The following post was written by Karl, a volunteer English teacher at the Health and Earth Rights Training (HEART) program in Mae Sot, Thailand, on the Burma border.


After arriving in Mae Sot, I found myself sitting in a small restaurant eating very spicy chicken and rice and feeling the most excited and grateful that I can remember. Soon I would be starting my volunteer position and I couldn’t wait. I wanted a real “immersion” experience in Burma’s culture and this is certainly what I was heading for. Little did I know what was in store…

My volunteer placement is at the HEART school, which stands for Health and Earth Rights Training. The school’s focus is on health education, human rights and the environment, but gender equality, woman’s rights and many other subjects are also part of the seven and a half month course.

There are 17 students, the majority in their early 20s and one in his late 30s. About half of the students have been living in refugee camps while most of the others come from various organizations based in and around Mae Sot and as far as Chiang Mai.

 

As part of learning English, the students write 10 pages every week in a journal about anything they choose. Most write about their families, friends, and people they have left behind. I read their journals every week to correct the grammar and it is a reminder to me of where the students have come from and what is important to them. The most consistent themes are a desire to make a difference in their home village and help the ethnic groups still living there. The students write about deforestation, health and human rights issues, and almost every other problem that is reported throughout Burma and in each student’s community.

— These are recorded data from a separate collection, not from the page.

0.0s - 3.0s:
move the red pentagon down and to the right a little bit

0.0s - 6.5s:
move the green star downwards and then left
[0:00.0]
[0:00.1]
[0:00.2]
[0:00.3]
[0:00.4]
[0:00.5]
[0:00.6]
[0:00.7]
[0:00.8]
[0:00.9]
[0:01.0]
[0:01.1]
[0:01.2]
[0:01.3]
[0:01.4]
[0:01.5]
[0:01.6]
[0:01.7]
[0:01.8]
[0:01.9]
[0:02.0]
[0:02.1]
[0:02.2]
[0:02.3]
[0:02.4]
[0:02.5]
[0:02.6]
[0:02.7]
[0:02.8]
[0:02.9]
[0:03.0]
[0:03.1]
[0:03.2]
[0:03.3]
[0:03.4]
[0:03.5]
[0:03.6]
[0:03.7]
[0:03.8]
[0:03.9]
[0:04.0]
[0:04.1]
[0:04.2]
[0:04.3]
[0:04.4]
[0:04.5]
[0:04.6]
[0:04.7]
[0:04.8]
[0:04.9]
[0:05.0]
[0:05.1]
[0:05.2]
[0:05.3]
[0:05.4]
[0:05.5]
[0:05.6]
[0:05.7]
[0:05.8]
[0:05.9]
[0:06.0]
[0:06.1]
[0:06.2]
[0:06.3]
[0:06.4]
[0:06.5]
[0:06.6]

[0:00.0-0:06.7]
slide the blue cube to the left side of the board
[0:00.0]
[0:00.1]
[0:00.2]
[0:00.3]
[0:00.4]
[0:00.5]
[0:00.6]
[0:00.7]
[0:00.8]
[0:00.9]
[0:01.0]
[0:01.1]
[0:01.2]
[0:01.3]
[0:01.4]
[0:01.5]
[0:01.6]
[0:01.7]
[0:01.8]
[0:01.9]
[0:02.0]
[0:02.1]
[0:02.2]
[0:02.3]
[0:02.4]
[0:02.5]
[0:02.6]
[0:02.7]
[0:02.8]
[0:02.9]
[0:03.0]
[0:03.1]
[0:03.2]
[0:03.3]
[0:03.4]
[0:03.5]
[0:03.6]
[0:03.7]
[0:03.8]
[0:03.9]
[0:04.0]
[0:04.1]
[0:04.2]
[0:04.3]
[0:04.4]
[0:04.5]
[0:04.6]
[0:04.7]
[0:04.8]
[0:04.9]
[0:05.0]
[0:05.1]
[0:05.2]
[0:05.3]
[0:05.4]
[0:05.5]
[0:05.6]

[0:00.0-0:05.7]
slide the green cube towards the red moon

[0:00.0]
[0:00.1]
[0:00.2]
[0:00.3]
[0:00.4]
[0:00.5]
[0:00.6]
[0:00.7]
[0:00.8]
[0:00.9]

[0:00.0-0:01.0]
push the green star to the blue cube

One particular student’s story comes to mind. Like most, she is from a very poor family.  Her parents had to leave the village to find work, and she was left at home as an 8-year-old to support herself and her 3 younger siblings. She describes the changing seasons in Burma dictating life for her and her family. “The rainy season was the worst because the roof was very old and we had no money to fix it. Sometimes money would not come from my parents and I had to ask other families for fruit and other food.” Talking with this student today, you would never imagine that she had come from such a background. She is the most talkative and bubbly personality in the class, always throwing around jokes and making others laugh.

Some of the students are already part of an organization committed to making a difference with ethnic communities, especially in Karen State. The students hope to increase their knowledge by attending the HEART school and to educate others in their villages. Their willingness to attend classes from 9 a.m. to 8:30 p.m., as well as cooking all meals and keeping the school clean, shows their passion and commitment to the goal of becoming leaders for their communities.

For myself, and I suspect for many people in the world, the concerns of my own comfort and level of safety have often outweighed deliberate action to do something to help ease the suffering of others. This isn’t a new concept or a new thought, of course, but one that I am consistently facing as I spend more time in Mae Sot and with the students at the HEART school and learn and am exposed to more. The saying,  ”no one is free until everyone is free” is a thought that passes my mind often these days. It is experiences like these that challenge my very perception and idea of life.

As I settle into Mae Sot and my regular English classes at HEART (which have helped me realize that my own English is not as good as I thought!) the strong impact of what I have been learning about starts to pervade my psyche. As the students continue to tell me the stories of their lives with humor and a smile, concealing what they have really been through, I am becoming used to the familiar theme of suppression, violence and struggle. For them this is what they have grown up with and all they have known.  I start to see how you just get used to a way of life and accept that this is the way things are, even though it’s wrong and doesn’t work… and how much courage it takes to fight for change.

I spoke to someone who has dedicated their life to this cause for the past 8 years. I asked her, is it hard to do that? Is it hard to give up your regular familiar western life? She said you need to be brave. Brave to go against what most of society says about how to have a fulfilling happy life. You need to be brave to give up security in your life and all the things we are told that will make us happy. You need to be brave to even ask yourself the question: is this the kind of life I want?

And so, with the help of the students and the challenge of their experiences, I am in a new place and asking myself new questions: am I just doing this to try to make myself happy by helping others? Am I naive about life? Am I brave? After my time here, will I just go back to my comfortable, easy life being another consumer? Is it in places like this that you get a sense of what life is about? A sense of purpose?

These are the questions I am left with and asking myself everyday.